Studies conducted by scientists such as Liao et al. [
47], Eriksson and Lycke [
48], Nong et al. [
49], Kans and Campos [
50], and Erro-Garcés and Aramendia-Muneta [
51] show that in the future, changes related to digitalization as well as sustainable development will require new competencies from employees, including the ability to cooperate with robots, manage autonomous processes, or create sustainable, efficient production processes. This may translate into changing training and education requirements. Based on the regression analysis, in some industries, including the food production industry and the production of metal products, the number of employees and the annual financial balance sheet were statistically associated with higher levels of innovation. These findings indicate a relationship, but not necessarily a causal one. A higher number of employees might reflect greater capacity to implement innovative solutions in larger companies. This underscores the organizational importance of adaptability during digital transformation processes related to Industry 4.0 and 5.0 [
52].
However, the presented results regarding the level of development of training systems show that the automotive industry has the highest level of training, while the textile industry has the lowest. The results reflect the diversified approach to investment in human capital in various industries. The changes implemented in connection with Industry 4.0 and Industry 5.0 force enterprises to invest in the development of employee competences, which is visible in the automotive industry, which is characterized by a high level of development of training systems [
53].
To sum up, the presented research results confirm that education, training, and innovation are interrelated components in the digital and technological transformation of enterprises. While strong associations were observed, the findings should be interpreted with caution, and not as evidence of causal effects.
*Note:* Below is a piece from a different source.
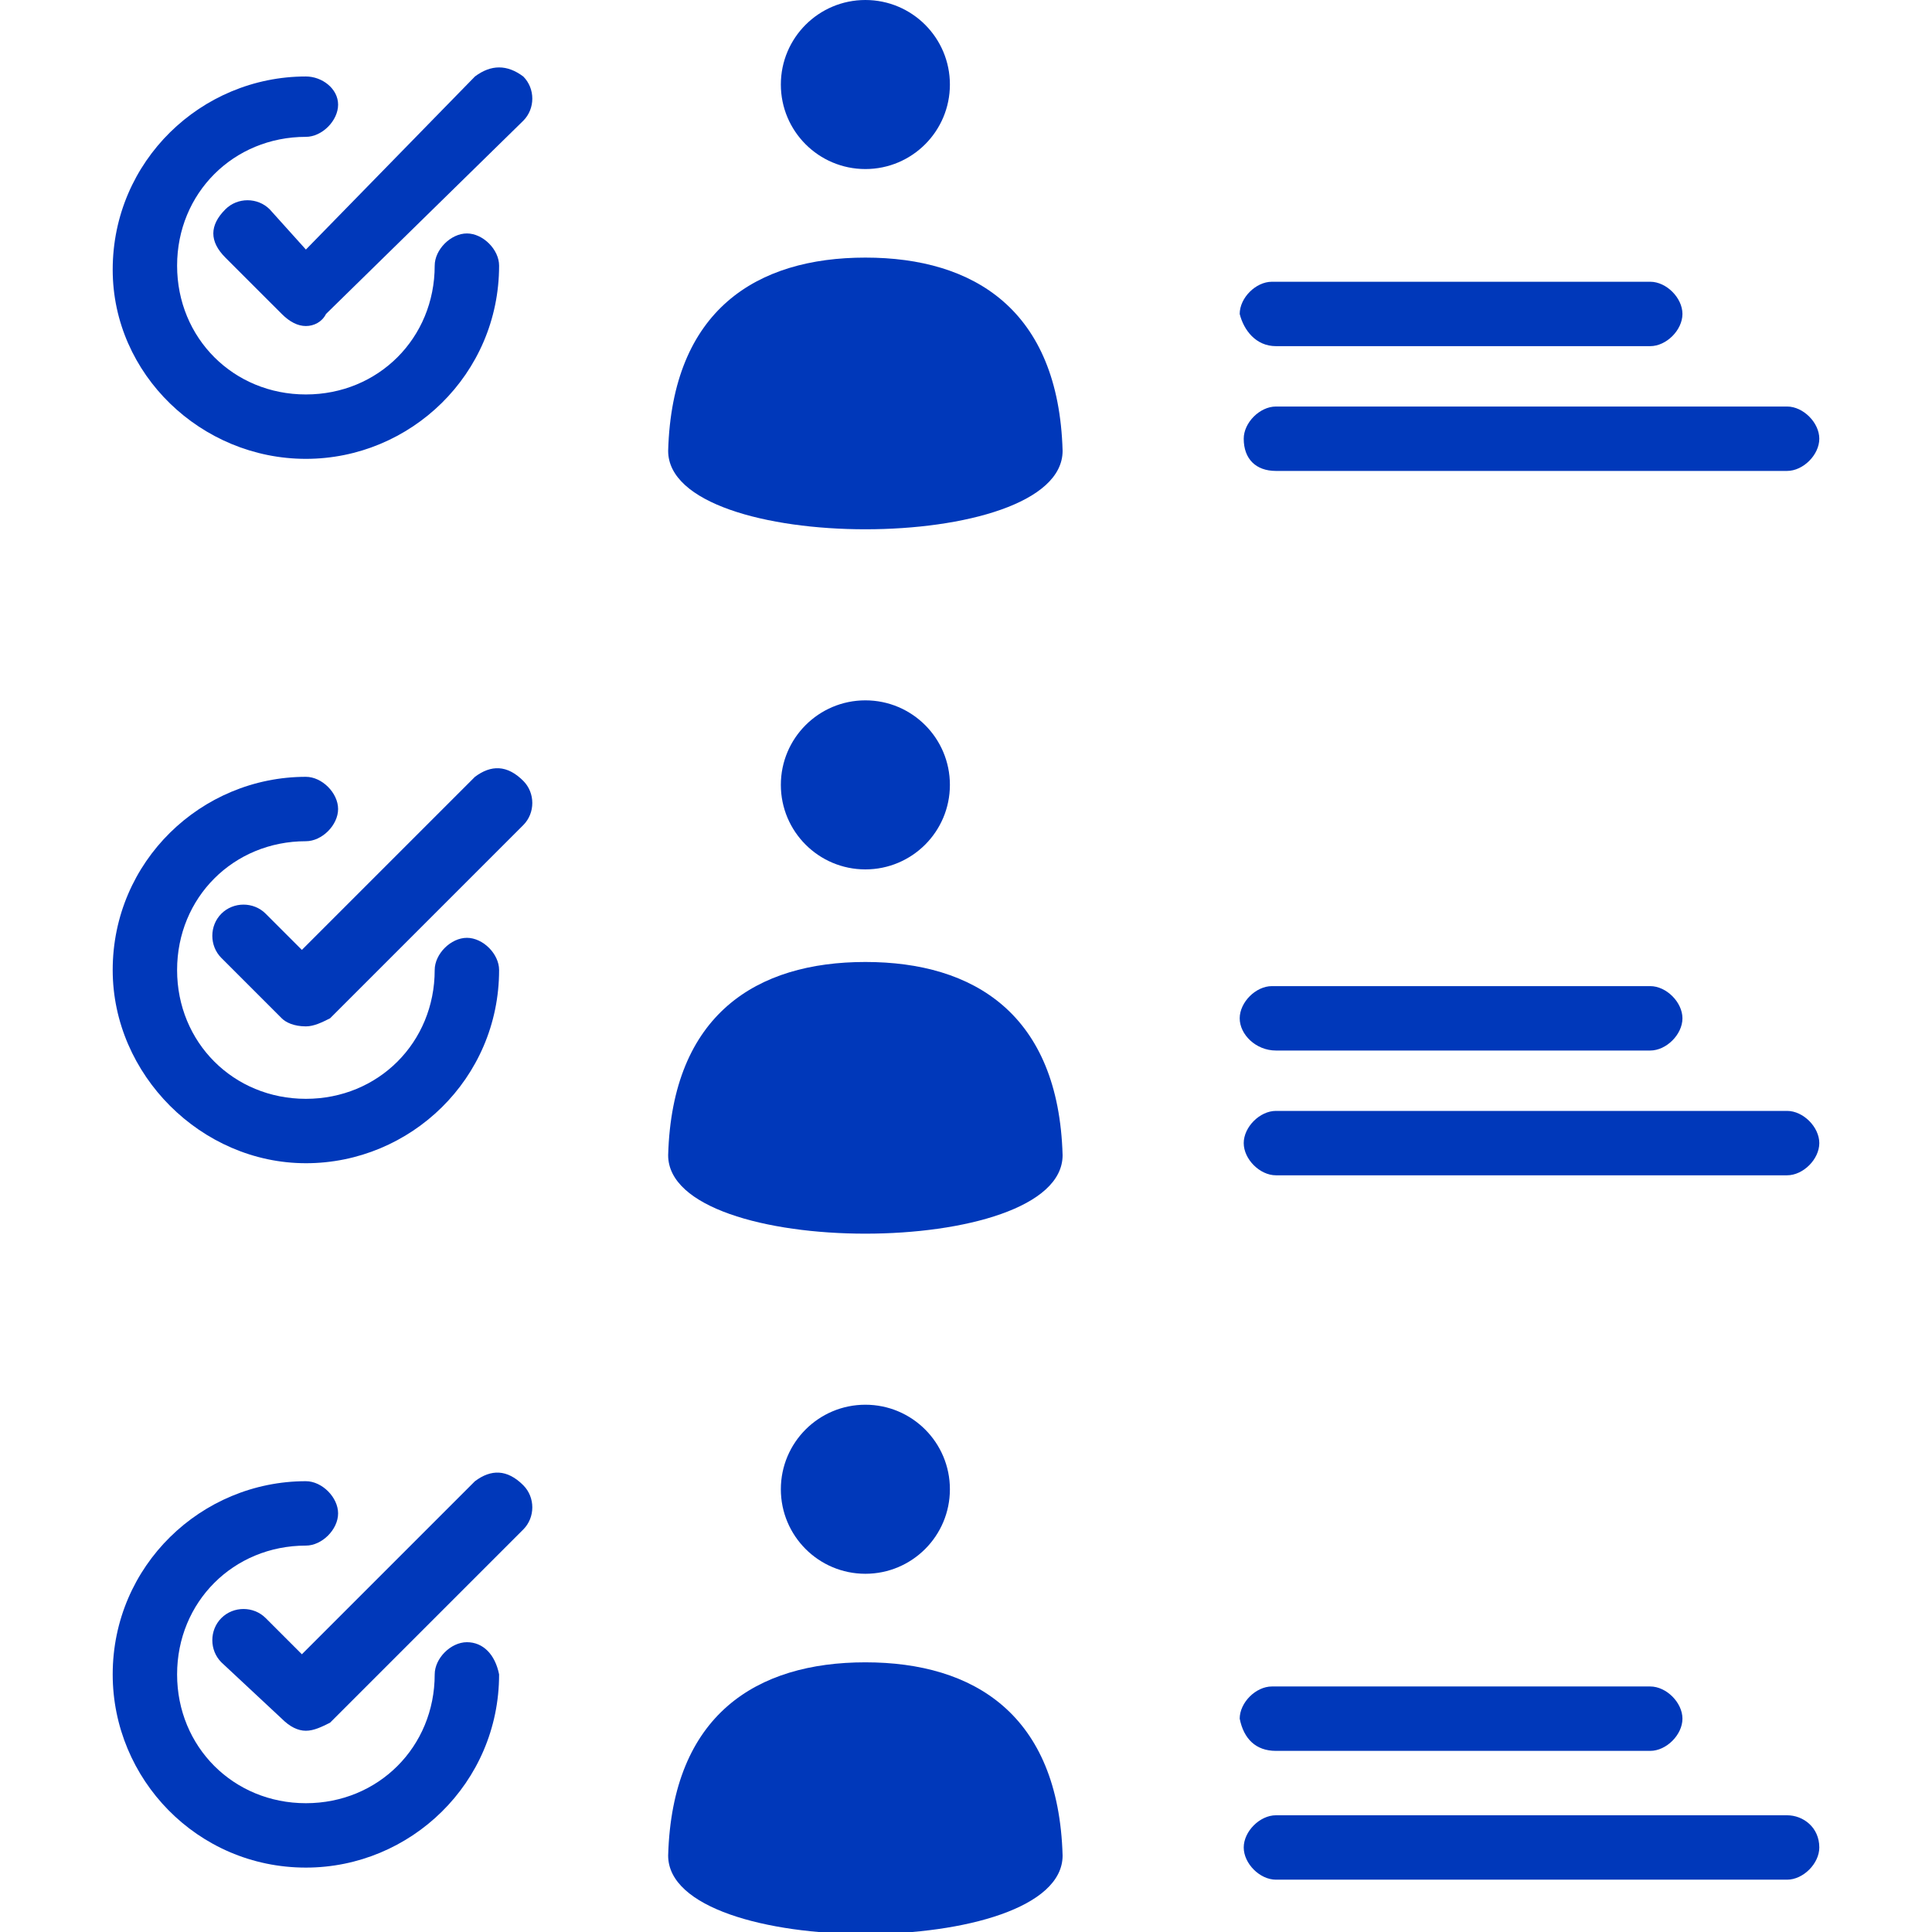 <svg xmlns="http://www.w3.org/2000/svg" version="1.1" xmlns:xlink="http://www.w3.org/1999/xlink" xmlns:svgjs="http://svgjs.com/svgjs" width="512" height="512" x="0" y="0" viewBox="0 0 48 48" style="enable-background:new 0 0 512 512" xml:space="preserve" class=""><g><path d="M31.7 8.6H41c.4 0 .8-.4.8-.8S41.4 7 41 7h-9.4c-.4 0-.8.4-.8.8.1.4.4.8.9.8zM31.7 11.7h12.7c.4 0 .8-.4.8-.8s-.4-.8-.8-.8H31.7c-.4 0-.8.4-.8.8 0 .5.3.8.8.8zM21.5 6.4c-2.7 0-4.8 1.3-4.9 4.8 0 2.6 9.8 2.6 9.8 0-.1-3.5-2.2-4.8-4.9-4.8z" fill="#0038ba" data-original="#000000"></path><circle cx="21.5" cy="2.1" r="2.1" fill="#0038ba" data-original="#000000"></circle><path d="M31.7 26.1H41c.4 0 .8-.4.8-.8s-.4-.8-.8-.8h-9.4c-.4 0-.8.4-.8.8s.4.8.9.8zM44.4 27.6H31.7c-.4 0-.8.4-.8.8s.4.8.8.8h12.7c.4 0 .8-.4.8-.8s-.4-.8-.8-.8zM21.5 23.9c-2.7 0-4.8 1.3-4.9 4.8 0 2.6 9.8 2.6 9.8 0-.1-3.5-2.2-4.8-4.9-4.8z" fill="#0038ba" data-original="#000000"></path><circle cx="21.5" cy="19.5" r="2.1" fill="#0038ba" data-original="#000000"></circle><path d="M31.7 43.5H41c.4 0 .8-.4.8-.8s-.4-.8-.8-.8h-9.4c-.4 0-.8.4-.8.8.1.5.4.8.9.8zM44.4 45.1H31.7c-.4 0-.8.4-.8.8s.4.8.8.8h12.7c.4 0 .8-.4.8-.8 0-.5-.4-.8-.8-.8zM21.5 41.3c-2.7 0-4.8 1.3-4.9 4.8 0 2.6 9.8 2.6 9.8 0-.1-3.5-2.2-4.8-4.9-4.8z" fill="#0038ba" data-original="#000000"></path><circle cx="21.5" cy="37" r="2.1" fill="#0038ba" data-original="#000000"></circle><path d="M7.6 11.4c2.6 0 4.8-2.1 4.8-4.8 0-.4-.4-.8-.8-.8s-.8.4-.8.8c0 1.8-1.4 3.2-3.2 3.2S4.4 8.4 4.4 6.6s1.4-3.2 3.2-3.2c.4 0 .8-.4.8-.8s-.4-.7-.8-.7C5 1.9 2.8 4 2.8 6.7c0 2.6 2.2 4.7 4.8 4.7z" fill="#0038ba" data-original="#000000"></path><path d="M11.8 1.9 7.6 6.2l-.9-1c-.3-.3-.8-.3-1.1 0-.4.4-.4.8 0 1.2L7 7.8c.2.2.4.3.6.3s.4-.1.5-.3L13 3c.3-.3.3-.8 0-1.1-.4-.3-.8-.3-1.2 0zM7.6 28.9c2.6 0 4.8-2.1 4.8-4.8 0-.4-.4-.8-.8-.8s-.8.4-.8.8c0 1.8-1.4 3.2-3.2 3.2s-3.2-1.4-3.2-3.2 1.4-3.2 3.2-3.2c.4 0 .8-.4.8-.8s-.4-.8-.8-.8c-2.6 0-4.8 2.1-4.8 4.8 0 2.6 2.2 4.8 4.8 4.8z" fill="#0038ba" data-original="#000000"></path><path d="m11.8 19.3-4.3 4.3-.9-.9c-.3-.3-.8-.3-1.1 0s-.3.8 0 1.1L7 25.3c.1.1.3.2.6.2.2 0 .4-.1.6-.2l4.8-4.8c.3-.3.3-.8 0-1.1-.4-.4-.8-.4-1.2-.1zM11.6 40.8c-.4 0-.8.4-.8.8 0 1.8-1.4 3.2-3.2 3.2s-3.2-1.4-3.2-3.2 1.4-3.2 3.2-3.2c.4 0 .8-.4.8-.8s-.4-.8-.8-.8c-2.6 0-4.8 2.1-4.8 4.8 0 2.6 2.1 4.8 4.8 4.8 2.6 0 4.8-2.1 4.8-4.8-.1-.5-.4-.8-.8-.8z" fill="#0038ba" data-original="#000000"></path><path d="m11.8 36.8-4.3 4.3-.9-.9c-.3-.3-.8-.3-1.1 0s-.3.8 0 1.1L7 42.7c.2.2.4.3.6.3s.4-.1.6-.2L13 38c.3-.3.3-.8 0-1.1-.4-.4-.8-.4-1.2-.1z" fill="#0038ba" data-original="#000000"></path></g></svg>

In addition, many researchers point to the need to adapt educational and training programs to new challenges related to digital transformation and the growing role of digital competences, data management, and human–technology integration [
31,
54,
55,
56]. Future research should focus on understanding the specifics of various economic sectors and identifying key areas so that investments in education and training can contribute to improving innovation. Additionally, attention should be paid to the effectiveness of new teaching and training methods in the context of Industry 5.0, which focuses on human interaction with modern technologies. Some sectors in the sample (e.g., textiles, electronics) contain fewer than ten firms, which may limit the stability and reliability of correlation and regression estimates for these groups. Due to the predefined sector classifications used during data collection and the lack of additional background information required for re-coding, post-hoc aggregation of low-N sectors was not feasible at this stage. Consequently, sector-specific findings for small groups should be interpreted with caution, and future research should aim to ensure more balanced sectoral representation or apply broader grouping strategies during study design. Moreover, to strengthen causal inference and establish the directionality of the observed relationships, future research should employ longitudinal or experimental designs. A longitudinal design would allow for repeated measurements of the same firms over time, enabling the examination of temporal changes and the sequencing of variables, which can clarify cause–effect relationships. Alternatively, experimental or quasi-experimental approaches—such as field experiments, randomized controlled trials, or policy interventions—could provide controlled conditions to isolate the impact of specific factors (e.g., training programs, innovation initiatives) on outcomes of interest. Such designs would address the limitations of the current cross-sectional approach and offer stronger evidence regarding the causal pathways underlying the associations identified in this study.